Here's another good one (last one, I swear): "When we are systematically denied a basis for making moral choices, we are forced to make amoral choices; this knowledge of our own complicity in turn reinforces our apathy, and thus we deny ourselves the possibility of a moral choice" (24). I fear that I fall into this category. I'll probably forget about this pamphlet within a month, even though I hope I don't. I'm so overwhelmed by my desire to end sweatshop labor and profit-focused greed and implement organic-ness and sustainability everywhere.
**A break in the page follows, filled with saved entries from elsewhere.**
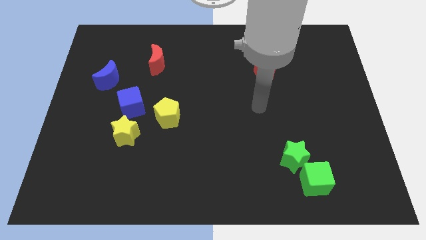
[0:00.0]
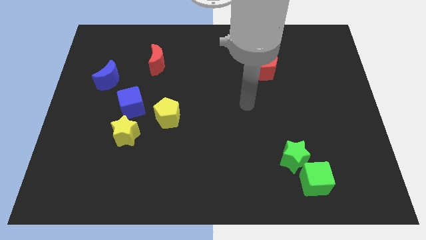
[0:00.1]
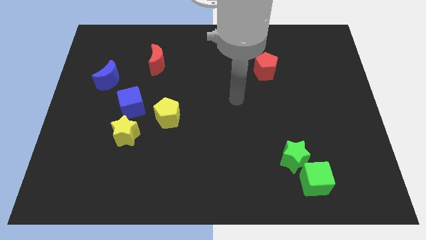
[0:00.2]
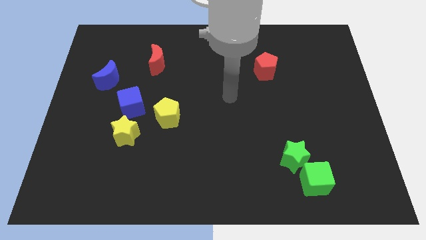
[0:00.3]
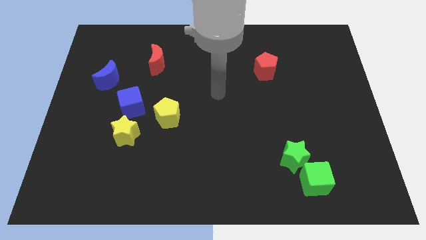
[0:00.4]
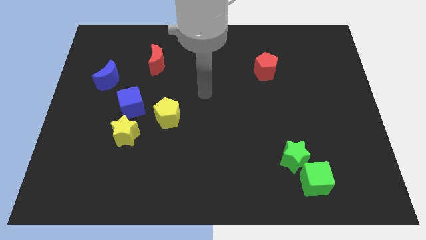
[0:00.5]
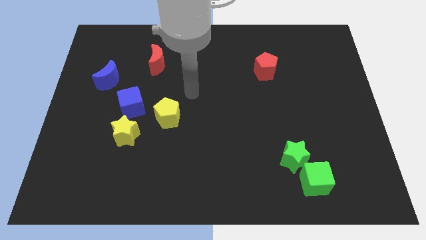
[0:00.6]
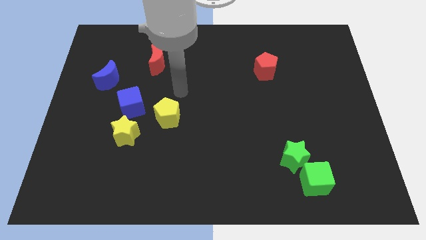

So then, our homework assignment was to come up with and do, in the next 48 hours, something to improve our moral choices. Something small, since we only have 48 hours. No leading a campus-wide fruit boycott or something drastic. So I cleaned out the brita pitcher in which the water has literally been gathering dust in my fridge (it tasted funny so I left it there to rot), so now I can stop gathering plastic water bottles. I also looked up American Apparel and sweatshop-free products on Google. I was surprised by how much is out there, but EVERYTHING IS SO FREAKING EXPENSIVE! Which it would be, since the whole point of exploiting people is to create cheap enough products to compete in the global marketplace. Which leads me to the conclusion that living a moral lifestyle within the context of the global economy is impossible unless you're privileged enough to be able to regularly afford $250 jackets and $40 leggings and $50 t-shirts. Which leaves me even MORE bitter and helpless-feeling. Why is it so hard?!
the margin of page 21
On a slightly more hopeful note though, John Woolman never saw slavery get abolished. He definitely didn't do all that work for nothing - he just unfortunately never got to see his efforts come to fruition. And for Thursday we have to skim through everything and find our favorite quotes from everything we read in the class, and one of the ones I found from another Pendle Hill pamphlet by Daniel O. Snyder was: "Together we learn to discern the contours of hope, for although we yearn to see and to celebrate the visible results of our work, we dare not anchor hope in the visible results of our work, for we are working toward a future that may be many generation in the making, a future that we may not see in our lifetime, indeed a future that may never exist. We learned that the work itself is our sign of hope ("Quaker Witness as Sacrament" 30). So I guess that's kind of pessimistic and optimistic at the same time - despite the fact that I'm still not entirely sure what I can do, in terms of being overwhelmed by trying to end all evils in the world ASAP, it's just not going to happen in my lifetime and I need to accept that. That doesn't mean I can't or shouldn't work towards improvement so that it might happen in generations to come.